„Männer“ – Als wären wir alle blöd

Heute bin ich über die Google-Trends auf diverse Zeitungsartikel zu dem brutalen Überfall auf ein Rentner-Ehepaar in Frankfurt-Griesheim gestoßen, bei dem der Rentner an den Folgen gestorben ist. In eigentlich allen Artikeln ist von drei Männern die Rede. Auf allen Seiten ist die Kommentarfunktion deaktiviert.

Nur in der Pressemeldung der Polizei auf presseportal.de wird von osteuropäischen Männern gesprochen. Der Witz an der Sache ist, dass die meisten Artikel den Text der Pressemeldung ansonsten 1:1 übernommen haben. Da stellt sich mir die Frage, was damit von den Zeitungen bezweckt werden soll?

Klar, augenscheinlich will man damit vermeiden, dass sich Fremdenhass regt. Aber der Schuss geht nach hinten los. Denn in Wirklichkeit passiert durch solche Auslassungen doch etwas ganz anderes. Der Leser fühlt sich verarscht und bevormundet. Und dadurch wird er erst mal richtig wütend. Wer lässt sich schon gerne für dumm verkaufen? Und die momentan sehr kritische Meinung der Menschen über die Medien wird dadurch nur noch mehr verstärkt.

Und wenn jetzt jeder mal in sich geht und ganz dolle nachdenkt … und sich vorstellt, dass die Medien niemals die Täteridentität verschweigen, sondern immer nennen würden, sogar bei Deutschen mit Migrationshintergrund … wären dann ausländerfeindlich eingestellte Menschen NOCH ausländerfeindlicher? Wären dann wenig oder gar nicht ausländerfeindlich eingestellte Menschen plötzlich ausländerfeindlich eingestellt? Ich denke nicht. Ich bin mir sogar ziemlich sicher, dass diese Verschweigerei alles nur noch schlimmer macht. Weil man sich mittlerweile vorkommt, als würde man in Doofmannshausen leben.

Aber Menschen mit einem funktionierenden Gehirn verurteilen niemanden NUR aufgrund seiner Herkunft. Sondern weil ein Arschloch ein Arschloch ist – egal was in seinem Pass steht oder an welchen Gott er/sie glaubt. Und wenn es unter bestimmten Gruppen ganz besonders viele Arschlöcher gibt, dann ist das wohl ein Problem, über dass man offen reden muss. Denn es muss ja eine Ursache haben.

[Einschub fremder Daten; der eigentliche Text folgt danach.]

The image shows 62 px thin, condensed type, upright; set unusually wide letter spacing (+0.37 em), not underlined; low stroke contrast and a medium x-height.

Probleme zu verschweigen hat noch niemandem geholfen. Es bringt ja auch nichts, Zahnschmerzen zu ignorieren, oder Krebs. Es wird schlimmer, je länger man wartet. Und das ist mit allen Problemen so. Zunächst sollte man vielleicht erst mal ganz objektiv, ohne Vorurteile, ohne Political Correctness untersuchen, ob es denn wirklich eine Häufung von Kriminalität bei bestimmten Gruppen gibt. Wenn das der Fall ist, gibt es ein Problem, dass man durch Verschweigen wohl nicht lösen können wird. Und wenn man es doch verschweigt, zieht man nur den Zorn der Bevölkerung auf sich. Was das gesellschaftliche Miteinander NOCH schwieriger macht.

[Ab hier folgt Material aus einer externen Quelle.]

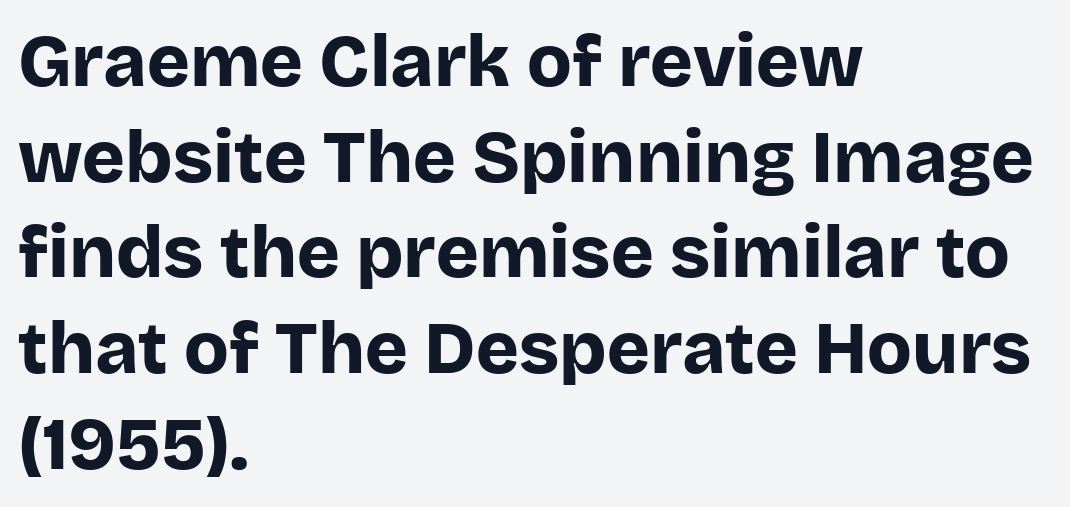
The image shows 73 px bold sans-serif type, upright; set left-aligned, normal line spacing (1.31x), normal letter spacing, not underlined; low stroke contrast and a large x-height.

Wenn in der katholischen Kirche auffällig häufig Kinder missbraucht werden, schreit ja auch nicht jeder sofort, dass alle Christen aus dem Land geworfen werden müssen. Auf sachlicher Ebene wird das Problem identifiziert, die Ursachen spezifiziert und nach Lösungen gesucht. Und wenn die katholische Kirche bei der Aufklärung hilft – umso besser.

Oder wenn ein großer Flugzeughersteller ein Problem mit einem bestimmten Flugzeugtyp hat, der immer wieder an der gleichen Stelle Defekte aufweist. Da würde auch niemand auf die Idee kommen, direkt den ganzen Laden zu schließen oder nie mehr Flugzeuge zu bauen. Und schon gar nicht würde versucht, das Problem zu verschweigen. Erfolgreiche Unternehmen lösen ihre Probleme, in dem sie sie erkennen und offen darüber sprechen, um die Ursachen zu finden und diese auszumerzen.

Anders, liebe Medien, geht es leider nicht.